18Having reached the point of equilibrium, I endeavoured to take the required steps.  I successfully moved my left foot down the face of the building; but I was unable to move my right foot from its position on the edge of the parapet.  At this point I inverted and swung off to my right with my right foot still anchored in its original position.

19I fell approximately the length of my body and ended up upside down with my body twisted.  During this motion I heard or felt what I thought was something breaking in my leg.  I called out 'I've broken it - my leg I think I've broken it'.  I believe that the stretcher may have collided with my leg at that time."

  1. In that version of the events given shortly after the accident, the plaintiff did not suggest that he hesitated for a considerable amount of time on top of the wall.  He had the edge men taking the weight of the stretcher, and he was relying on them to do so, before he commenced the descent.  He was pressed hard by Mr Parrish, in cross-examination, about the apparent differences in this regard between his evidence and his affidavit.  He did not suggest that his affidavit was incorrect but accepted that it contained what was his memory at the time he made it and that his memory had recently changed, although he could not say what prompted the change.  An obvious explanation that comes to my mind is that he has since reconstructed in his mind what occurred, subconsciously or consciously influenced by a desire to strengthen his case against the defendant.

  1. In his affidavit the plaintiff made no suggestion of being commanded or of being told to move, or of the instructors "virtually insisting that I go", as maintained in evidence.  Rather he appeared to be describing in his affidavit what was a normal procedure of being encouraged and reassured by other officers. 

  1. He described in his affidavit his failure to move his right foot off the top of the wall as an inability to do so.  It appeared from his cross-examination that he may have had in his mind, when he made the affidavit, that he might be able to blame the boots he was required to wear as the cause of that disability.  However, in evidence he accepted that the cause was that he was too nervous and frightened to move his foot.  I find that to be the case.

  1. After hearing the plaintiff's evidence I therefore had doubts concerning whether he hesitated on top of the wall for a significant time before giving the command to be lowered.  Probably within a few days of the accident the course instructors, Mr Freeman and Mr Arnol, furnished a joint report to the defendant.  Being a joint report, it does not follow that what it stated were the observations of both Mr Freeman and Mr Arnol.  Its contents were probably a combination of the recollections of each.  In any event, the report contained the following description of the incident:

"Station Officer Lindsay Kingston then hooked into the system as he had requested extra training on this particular skill.  Edge men were in place and a safety check was carried out before Station Officer Kingston committed to the edge.
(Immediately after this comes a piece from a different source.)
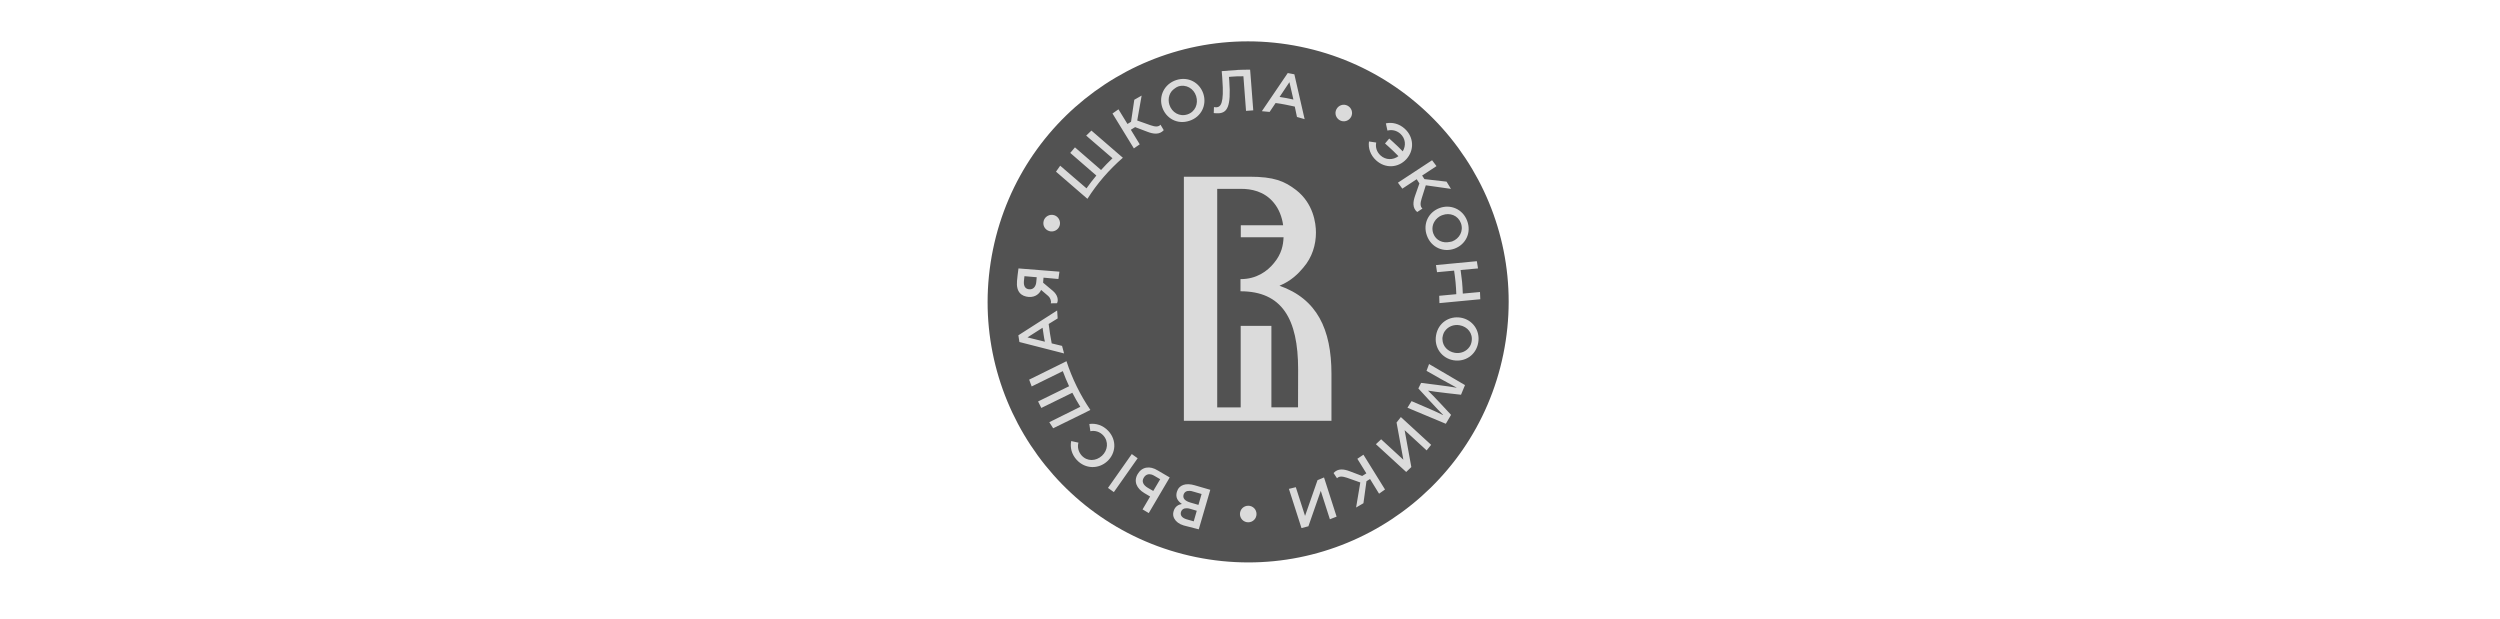 <?xml version="1.0" encoding="UTF-8"?> <svg xmlns="http://www.w3.org/2000/svg" width="214" height="53" viewBox="0 0 214 53" fill="none"><g clip-path="url(#clip0_402_4905)"><path d="M128.683 30.326C131.16 18.263 123.388 6.476 111.325 4C99.262 1.523 87.475 9.295 84.999 21.358C82.522 33.421 90.294 45.208 102.357 47.684C114.42 50.161 126.207 42.389 128.683 30.326Z" fill="#525252"></path><path d="M109.523 24.458C110.537 24.045 111.156 23.399 111.559 22.914C112.331 22.026 112.645 20.94 112.645 19.909C112.645 19.074 112.412 17.414 110.958 16.275C109.953 15.503 109.065 15.126 106.947 15.126H105.871C105.835 15.126 105.808 15.126 105.763 15.126H101.34V36.023H113.973V32.013C113.973 28.172 112.735 25.588 109.523 24.458ZM111.111 34.866H108.832V27.894H106.203V34.875H104.193V16.167H106.266C107.037 16.167 108.213 16.337 109.047 17.369C109.478 17.89 109.747 18.59 109.837 19.28H106.212V20.312H109.873C109.846 20.976 109.711 21.721 109.056 22.511C108.482 23.228 107.54 23.892 106.212 23.892C106.203 23.892 106.194 23.892 106.185 23.892V24.933C109.738 24.933 111.12 27.293 111.12 31.618L111.111 34.866ZM100.101 8.971C99.922 8.415 100.11 7.867 100.559 7.571C100.11 7.867 99.931 8.423 100.101 8.971C100.317 9.626 100.972 10.012 101.636 9.796C101.968 9.689 102.21 9.464 102.344 9.177C102.219 9.455 101.977 9.689 101.636 9.796C100.972 10.012 100.317 9.626 100.101 8.971ZM101.564 44.449C101.178 44.341 101.016 44.108 101.088 43.839C101.016 44.108 101.178 44.332 101.564 44.449ZM124.525 30.2C123.924 30.093 123.493 29.635 123.475 29.061C123.484 29.635 123.924 30.093 124.525 30.2ZM123 18.706C122.955 18.751 122.91 18.796 122.865 18.85C122.901 18.796 122.946 18.751 123 18.706ZM125.054 19.101C125.297 19.765 124.938 20.429 124.292 20.671C124.229 20.689 124.175 20.689 124.112 20.707C124.175 20.689 124.229 20.698 124.292 20.671C124.938 20.429 125.297 19.765 125.054 19.101ZM100.738 42.107C100.604 42.583 100.81 42.888 101.169 43.139C100.882 43.193 100.577 43.345 100.46 43.758C100.388 44 100.415 44.206 100.523 44.395C100.658 44.646 100.927 44.861 101.322 44.978L102.614 45.31L103.601 41.928L102.273 41.542C101.51 41.317 100.918 41.497 100.738 42.107ZM102.183 44.628L101.564 44.449C101.178 44.341 101.016 44.108 101.088 43.839C101.16 43.596 101.348 43.498 101.6 43.507C101.68 43.507 101.77 43.525 101.869 43.551L102.443 43.722L102.183 44.628ZM102.587 43.219L101.878 43.013C101.402 42.879 101.232 42.636 101.313 42.349C101.384 42.116 101.564 41.999 101.824 42.017C101.914 42.017 102.003 42.035 102.111 42.071L102.856 42.286L102.587 43.219ZM101.887 43.013C101.411 42.879 101.232 42.636 101.322 42.349C101.393 42.116 101.573 41.999 101.833 42.017C101.573 42.008 101.393 42.116 101.322 42.349C101.232 42.636 101.411 42.87 101.887 43.013ZM97.383 40.582C97.024 41.201 97.284 41.811 97.966 42.215L98.45 42.502L97.804 43.605L98.334 43.919L100.128 40.869L99.114 40.276C98.414 39.837 97.742 39.962 97.383 40.582ZM98.719 42.026L98.253 41.757C97.849 41.515 97.715 41.21 97.903 40.896C98.002 40.725 98.136 40.626 98.298 40.599C98.459 40.573 98.639 40.626 98.836 40.743L99.312 41.021L98.719 42.026ZM98.307 40.599C98.468 40.573 98.648 40.626 98.845 40.743C98.648 40.626 98.459 40.582 98.307 40.599ZM97.383 39.227L95.346 42.125L94.843 41.766L96.88 38.868L97.383 39.227ZM88.051 25.418C88.661 25.463 88.993 25.104 89.119 24.817L89.738 25.346C89.899 25.489 90.016 25.777 89.944 25.965L90.483 25.956C90.617 25.669 90.536 25.247 90.124 24.897L89.289 24.198L89.325 23.767L90.599 23.883L90.689 23.255L87.181 22.977C87.145 23.175 87.064 23.946 87.055 24.054C86.974 25.014 87.441 25.364 88.051 25.418ZM87.692 23.641L88.742 23.731L88.706 24.135C88.679 24.494 88.473 24.799 88.105 24.763C87.827 24.745 87.602 24.565 87.647 24.063C87.656 23.946 87.674 23.803 87.692 23.641ZM94.781 39.487C94.045 40.16 92.914 40.169 92.169 39.37C91.73 38.895 91.586 38.303 91.694 37.755L92.313 37.89C92.214 38.267 92.304 38.67 92.591 38.993C93.067 39.514 93.811 39.487 94.332 39.011C94.834 38.545 94.915 37.791 94.439 37.271C94.135 36.948 93.731 36.831 93.336 36.912L93.246 36.293C93.811 36.212 94.413 36.4 94.87 36.885C95.615 37.683 95.525 38.805 94.781 39.487ZM90.913 29.608L90.025 29.393C89.971 29.114 89.926 28.845 89.881 28.567C89.837 28.289 89.801 28.011 89.765 27.733L90.536 27.257L90.492 26.575L87.172 28.702L87.261 29.276L91.084 30.254L90.913 29.608ZM89.442 29.249L87.952 28.881L89.244 28.056C89.271 28.253 89.298 28.459 89.334 28.657C89.361 28.854 89.397 29.052 89.442 29.249ZM89.442 29.249C89.406 29.052 89.37 28.854 89.334 28.657C89.298 28.459 89.271 28.262 89.244 28.056C89.271 28.253 89.298 28.459 89.334 28.657C89.361 28.854 89.397 29.052 89.442 29.249ZM92.824 35.35L90.151 36.66C90.034 36.49 89.926 36.311 89.819 36.14L92.475 34.821C92.232 34.426 91.999 34.032 91.793 33.619L89.137 34.92C89.038 34.731 88.948 34.552 88.859 34.364L91.514 33.062C91.317 32.641 91.138 32.21 90.976 31.77L88.311 33.08C88.239 32.883 88.168 32.695 88.096 32.497L90.77 31.178L91.29 30.918C91.775 32.398 92.457 33.798 93.336 35.09L92.824 35.35ZM123.224 17.809C122.282 18.159 121.77 19.155 122.147 20.178C122.524 21.201 123.574 21.631 124.516 21.281C125.458 20.931 125.97 19.935 125.593 18.913C125.216 17.89 124.157 17.459 123.224 17.809ZM125.054 19.101C125.297 19.765 124.938 20.429 124.292 20.671C124.229 20.689 124.175 20.689 124.112 20.707C123.511 20.842 122.919 20.59 122.695 19.998C122.542 19.585 122.623 19.173 122.865 18.859C122.901 18.805 122.955 18.76 123 18.715C123.009 18.706 123.018 18.697 123.026 18.679C123.053 18.652 123.089 18.634 123.116 18.608C123.152 18.581 123.188 18.554 123.224 18.527C123.224 18.527 123.224 18.527 123.233 18.527C123.305 18.482 123.376 18.446 123.457 18.419C123.789 18.293 124.121 18.302 124.408 18.419C124.695 18.536 124.929 18.769 125.054 19.101ZM123.116 18.608C123.152 18.581 123.188 18.554 123.224 18.527C123.188 18.545 123.152 18.581 123.116 18.608ZM125.054 27.194C124.058 27.024 123.116 27.625 122.928 28.693C122.739 29.761 123.43 30.667 124.408 30.837C125.404 31.008 126.346 30.407 126.535 29.339C126.723 28.271 126.032 27.365 125.054 27.194ZM125.97 29.231C125.943 29.402 125.88 29.563 125.79 29.689C125.521 30.084 125.027 30.29 124.525 30.2C123.924 30.093 123.493 29.635 123.475 29.061C123.475 28.98 123.475 28.89 123.493 28.809C123.52 28.639 123.583 28.477 123.673 28.352C123.942 27.957 124.435 27.751 124.938 27.84C125.629 27.957 126.095 28.54 125.97 29.231ZM124.525 30.2C125.036 30.29 125.53 30.093 125.79 29.689C125.521 30.084 125.027 30.29 124.525 30.2ZM124.938 27.831C124.426 27.742 123.933 27.939 123.673 28.343C123.942 27.939 124.435 27.742 124.938 27.831ZM123.466 29.052C123.466 28.971 123.466 28.881 123.484 28.8C123.475 28.89 123.466 28.971 123.466 29.052ZM119.662 15.637L122.587 13.717L122.964 14.22L121.734 15.027L121.932 15.332L123.825 15.548L124.202 16.167L122.048 15.862L121.69 17.001C121.564 17.405 121.564 17.683 121.761 17.854L121.313 18.15C120.891 17.8 120.945 17.279 121.133 16.75L121.501 15.7L121.268 15.341L120.039 16.149L119.662 15.637ZM116.71 38.922L118.558 41.901L118.047 42.26L117.275 41.003L116.97 41.192L116.71 43.076L116.082 43.444L116.441 41.299L115.301 40.896C114.897 40.761 114.619 40.752 114.449 40.941L114.153 40.492C114.52 40.079 115.032 40.142 115.561 40.348L116.602 40.743L116.961 40.519L116.189 39.272L116.71 38.922ZM119.913 35.7L122.506 38.078L122.12 38.554L120.236 36.822L120.81 39.98L120.371 40.402L117.777 38.024L118.226 37.603L120.128 39.352L119.545 36.167L119.913 35.7ZM113.336 40.869L114.413 44.224L113.838 44.449L113.058 42.017L111.999 45.05L111.407 45.203L110.33 41.847L110.922 41.703L111.712 44.162L112.78 41.102L113.336 40.869ZM122.327 31.16L125.404 32.964L125.063 33.789C125.063 33.789 122.668 33.529 122.264 33.439L122.255 33.457C122.56 33.718 124.211 35.512 124.211 35.512L123.762 36.275L120.478 34.902L120.828 34.337L122.165 34.911C122.587 35.09 123.089 35.315 123.52 35.53L123.529 35.512C123.197 35.207 121.411 33.251 121.411 33.251L121.645 32.775C121.645 32.775 124.229 33.089 124.677 33.188L124.686 33.179C124.274 32.955 123.78 32.686 123.358 32.452L122.111 31.744L122.327 31.16ZM122.919 22.69L126.418 22.358L126.517 22.977L125.036 23.112H125.027C125.072 23.444 125.117 23.785 125.153 24.117C125.18 24.449 125.207 24.79 125.216 25.131H125.225L126.687 24.996L126.714 25.615L123.215 25.947L123.197 25.319L124.642 25.184H124.66C124.651 24.843 124.624 24.512 124.597 24.171C124.561 23.839 124.525 23.498 124.471 23.166H124.453L123.009 23.3L122.919 22.69ZM117.795 13.726C117.302 13.278 117.105 12.677 117.185 12.111L117.804 12.201C117.724 12.596 117.84 12.999 118.172 13.305C118.621 13.717 119.249 13.708 119.707 13.367C119.446 13.098 119.177 12.838 118.899 12.587C118.791 12.488 118.675 12.38 118.558 12.282L118.917 11.86C119.034 11.959 119.15 12.066 119.267 12.174C119.545 12.425 119.814 12.685 120.074 12.955C120.371 12.461 120.317 11.851 119.868 11.447C119.545 11.16 119.141 11.079 118.764 11.178L118.63 10.559C119.177 10.442 119.769 10.586 120.245 11.017C121.053 11.752 121.061 12.883 120.389 13.619C119.716 14.363 118.603 14.462 117.795 13.726ZM101.806 10.344C102.847 10.012 103.314 8.98 103.008 8.029C102.694 7.069 101.716 6.521 100.685 6.853C99.653 7.194 99.177 8.226 99.482 9.168C99.796 10.128 100.774 10.685 101.806 10.344ZM100.559 7.571C100.649 7.508 100.738 7.445 100.855 7.401C101.528 7.185 102.174 7.571 102.389 8.226C102.497 8.558 102.479 8.899 102.344 9.177C102.219 9.455 101.977 9.689 101.636 9.796C100.963 10.012 100.317 9.626 100.101 8.971C99.922 8.423 100.11 7.867 100.559 7.571ZM100.855 7.401C100.738 7.436 100.658 7.508 100.559 7.562C100.649 7.508 100.738 7.436 100.855 7.401C101.528 7.185 102.183 7.571 102.389 8.226C102.497 8.558 102.479 8.899 102.344 9.177C102.47 8.899 102.497 8.558 102.389 8.226C102.174 7.571 101.519 7.185 100.855 7.401ZM97.059 12.704L95.229 9.716L95.741 9.357L96.512 10.613L96.817 10.424L97.095 8.54L97.724 8.181L97.347 10.317L98.486 10.72C98.89 10.864 99.168 10.873 99.339 10.676L99.617 11.142C99.249 11.546 98.737 11.483 98.208 11.277L97.167 10.882L96.799 11.106L97.562 12.354L97.059 12.704ZM92.645 16.642L90.393 14.695C90.51 14.525 90.626 14.354 90.752 14.184L93.004 16.122C93.273 15.745 93.551 15.377 93.847 15.027L91.613 13.089C91.748 12.928 91.882 12.775 92.017 12.614L94.251 14.552C94.565 14.202 94.888 13.87 95.229 13.547L92.977 11.609C93.121 11.465 93.273 11.322 93.426 11.178L95.678 13.125L96.117 13.502C94.942 14.525 93.919 15.7 93.085 17.019L92.645 16.642ZM109.191 8.818C109.469 8.854 109.747 8.899 110.016 8.953C110.285 9.007 110.563 9.061 110.833 9.123L111.021 10.012L111.676 10.2L110.797 6.36L110.231 6.252L108.015 9.518L108.679 9.581L109.191 8.818ZM110.375 7.033L110.716 8.522C110.519 8.477 110.321 8.441 110.124 8.397C109.926 8.361 109.729 8.325 109.532 8.298L110.375 7.033ZM104.327 9.698C104.193 9.707 103.995 9.689 103.897 9.68L103.915 9.168C103.96 9.177 104.04 9.186 104.121 9.186C104.48 9.159 104.794 8.908 104.632 6.79L104.624 6.647L104.579 6.091C104.606 6.091 104.641 6.082 104.668 6.082L106.005 5.983C106.337 5.965 106.678 5.965 107.01 5.965L107.055 6.521L107.279 9.446L106.66 9.491L106.436 6.53C106.077 6.521 105.727 6.539 105.377 6.566C105.314 6.575 105.261 6.575 105.198 6.584L105.225 6.925C105.395 9.168 105.027 9.644 104.327 9.698ZM107.558 44C107.558 44.395 107.244 44.709 106.849 44.709C106.454 44.709 106.14 44.395 106.14 44C106.14 43.605 106.454 43.291 106.849 43.291C107.244 43.291 107.558 43.605 107.558 44ZM89.316 19.029C89.352 18.643 89.702 18.356 90.097 18.392C90.483 18.428 90.77 18.778 90.734 19.173C90.698 19.559 90.348 19.846 89.953 19.81C89.558 19.765 89.271 19.424 89.316 19.029ZM114.395 9.357C114.574 9.007 114.996 8.863 115.346 9.043C115.696 9.222 115.839 9.644 115.66 9.994C115.48 10.344 115.059 10.487 114.709 10.308C114.359 10.128 114.215 9.707 114.395 9.357Z" fill="#DBDBDB"></path></g><defs><clipPath id="clip0_402_4905"><rect width="44.594" height="44.594" fill="white" transform="translate(84.543 3.542)"></rect></clipPath></defs></svg>

Once Station Officer Kingston was in position on the edge he did appear a little nervous, but everything was working as it should, the brakes were put on the system to allow him to lean back into the correct position, which he did, he was however reluctant to step down onto the wall, he was told by both instructors Gavin Freeman and Chris Arnol to let the system take his weight.  At this point he stepped down with one foot appeared to lose his balance.  He then let go of the stretcher and grabbed for the rope in an attempt to stand again.  The weight of the stretcher dropped onto his leg causing him to invert placing his leg on an unnatural angle.  The system was still on brake and functioning correctly."

  1. The instructors referred there to the plaintiff appearing a little nervous and of him being reluctant to step down the wall after he leaned back.  The evidence of Mr Freeman was that he was observing the plaintiff at all times.  Once on the wall the plaintiff was concentrating very hard, as do all students in that situation.  Mr Freeman said that there was nothing different about the plaintiff compared to any other student who performed that activity.  He maintained that the description in the joint report of the plaintiff appearing "a little nervous" was of what he would normally see in other persons performing the same exercise.  To the best of his recollection, once the plaintiff had hold of the stretcher, he was only stationary for a moment before giving the command to lower and leaning back.  Mr Freeman insisted that he gave no encouragement of any kind to the plaintiff before the lowering commenced.  He said that the plaintiff, having given the command "lower", leaned back and the lowering commenced.  However, when the plaintiff reached what Mr Freeman called the point of no return, he noticed that the plaintiff had not stepped down the wall as he should have done.  Mr Freeman described saying at least three times in rapid succession instructions such as "you need to step down the wall, Lindsay", "step down", "you can do it", "you're going all right", "you need to step down", "step down now", or words to a similar effect.  By doing so he was seeking to encourage the plaintiff to take the necessary short, quick steps down the wall.  He maintained that the reference in the report he made jointly with Mr Arnol to both instructors telling the plaintiff "to let the system take his weight", was merely a reference to words such as the ones I have detailed.  He has no recollection of telling the plaintiff to let the system take his weight in those words.  He spoke to the plaintiff in a controlled voice, trying to encourage him and to let him know that he was going all right, to instil him with confidence.  He did not see the plaintiff step down the wall with either foot after beginning to lean back, notwithstanding that the joint report said that the plaintiff stepped with one foot.  Mr Freeman said that the next thing he recalled was the plaintiff unsuccessfully lunging for the rigging plate and going upside down.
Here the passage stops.